Contra el cúmulo de prejuicios que acumulaban las clases altas de estas olvidadas provincias de un imperio en declive. Contra las normas agobiantes de un catolicismo enraizado hasta la médula en una sociedad que veía con alarma toda señal de cambio. Pese a la resistencia de la familia de la novia, de una tradicional raigambre vasca, que no le temía ni un ápice al trabajo y que puesta a la tarea de hacerse la América, se la hizo nomás.
María Josefa Ezcurra era la mayor de sus muchos hermanos, entre ellos Encarnación, que luego sería esposa y operadora política -no pocas veces siniestra- de Juan Manuel de Rosas.
De adolescente era la niña de los ojos de esa familia próspera de comerciantes. Y apenas siendo una adolescente conoció al amor de su vida. El abogado Juan Manuel Belgrano ya había sido nombrado Secretario Perpetuo del Consulado de Comercio en Buenos Aires. Él había pasado apenas de treintena: era rubio, de piel clara, culto, de una exquisitez de modales esculpidos por la diplomacia y un roce internacional muy raros en los habitantes más bien toscos y rurales de estas tierras.
El flechazo fue inmediato y especialmente hirió a María. Ella lloró, rogó y pataleó para que sus padres aceptaran el romance, pero los Ezcurra recelaban de Belgrano por un antecedente algo oscuro de su padre. Y pusieron manos a la obra. Pronto extrajeron de su antiguas tierras a un también Ezcurra, a quien impusieron como esposo a la niña. El matrimonio fue un desastre pero al afortunado Ezcurra le fue estupendamente en sus negocios en el Río de la Plata.
La Revolución hizo añicos todo. Ezcurra retornó a España y María Josefa se negó a seguirlo. La guerra, no declarada, estalló. Pronto llegó la noticia de la muerte del marido de María Josefa. Se convirtió en la única heredera de una fortuna. Pero ante la sociedad quedó en una posición al menos incómoda: ni viuda desconsolada ni separada o abandonada. A María Josefa no le importó: había llegado la hora de imponer su deseo por encima de las normas y los sacrificios. Ella tomó sus bártulos y partió hacia el Norte, allí donde Belgrano, al mando del Ejército, mantenía intacto el suelo criollo.

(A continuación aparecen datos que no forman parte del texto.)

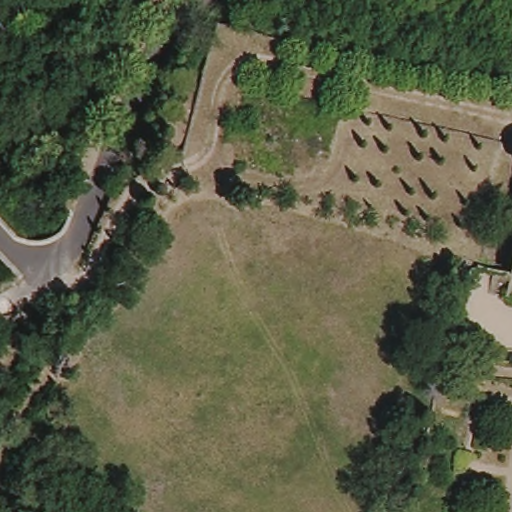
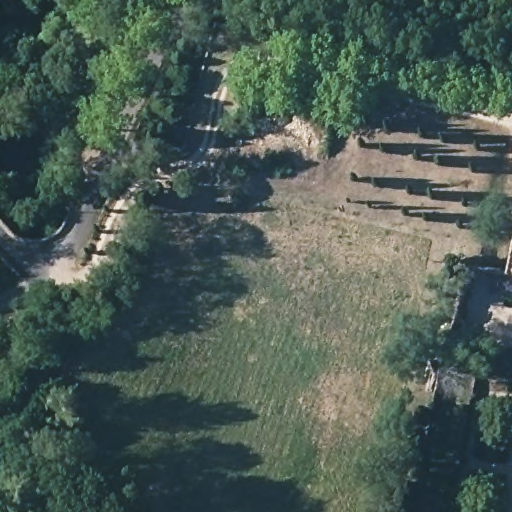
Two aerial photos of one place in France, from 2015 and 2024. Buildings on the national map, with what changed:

Eso, supongo, habrá sido puro frenesí junto al ardor de las batallas. Y fruto de ese amor tuvieron un niño al que ninguno de los dos reconoció y que, ya de vuelta en Buenos Aires, ella dio en adopción a Encarnación y a Rosas. Al cumplir los 18, Rosas le develó la verdad al vástago, comenzando: “Su padre es un hombre mucho más grande que yo...”.
Después vienen los años siniestros de María Josefa: de ser la amante de un héroe a ser la colaboradora de un déspota ridículo y bestial. Con Encarnación se dedicaron a organizar a los criminales de La Mazorca. Pero dejemos que a esas sombras de tantísimo dolor se la lleve el polvo de la historia y quedémonos por un instante con la memoria de aquel ardor.